I understand that deprioritizing interop suits academics because new "colors"
are more vivid when they don't have to mix with old ones, and also that
commercial vendors have an interest in platform lock-in. But as a working
programmer, I'm not satisfied by that.

Microservices are an interesting development in this space, providing an
architecture within which components with very different underlying semantics
may cooperate -- it's not a new idea, but neither was AJAX. Other historically
significant interoperability initiatives are CORBA, COM, SWIG and GObject.

Then there are the virtual machines which run multiple programming languages
(JVM, CLR, Parrot) -- but it is very hard for a VM to provide a superset of
semantics in order to support every last "color" for every supported language.

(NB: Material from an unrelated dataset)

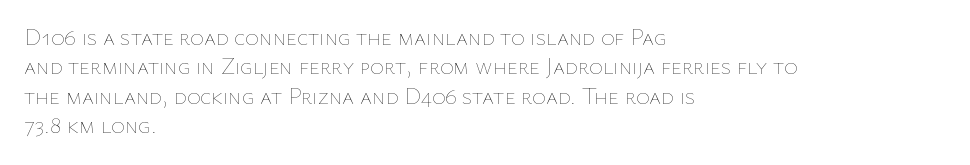
{"italic": "no", "bold": "no", "underline": "no", "align": "left", "line_spacing": "normal", "line_spacing_ratio": 1.28, "letter_spacing": "normal", "letter_spacing_em": 0.0, "glyph_px": 23}
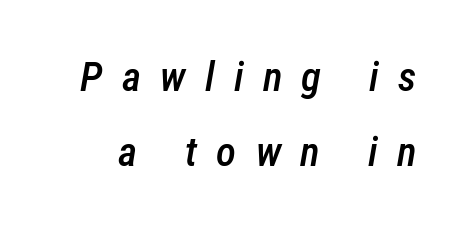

The project I work on, Apache Clownfish (a "symbiotic object system"), takes
the opposite approach: instead of aspiring to provide a superset of semantic
functionality, it provides a basic subset plus glue, and instead of aspiring
to serve as a platform it is distributed as a library.

Working through issues like how to design an object system which is compatible
with diverse GC/allocation schemes is fun and mind-expanding, and I'm looking
forward to publishing some white papers. But I wish there was more existing
research. If the state of interop were to advance, maybe it wouldn't be so
expensive to migrate to new programming languages and the industry could
evolve faster.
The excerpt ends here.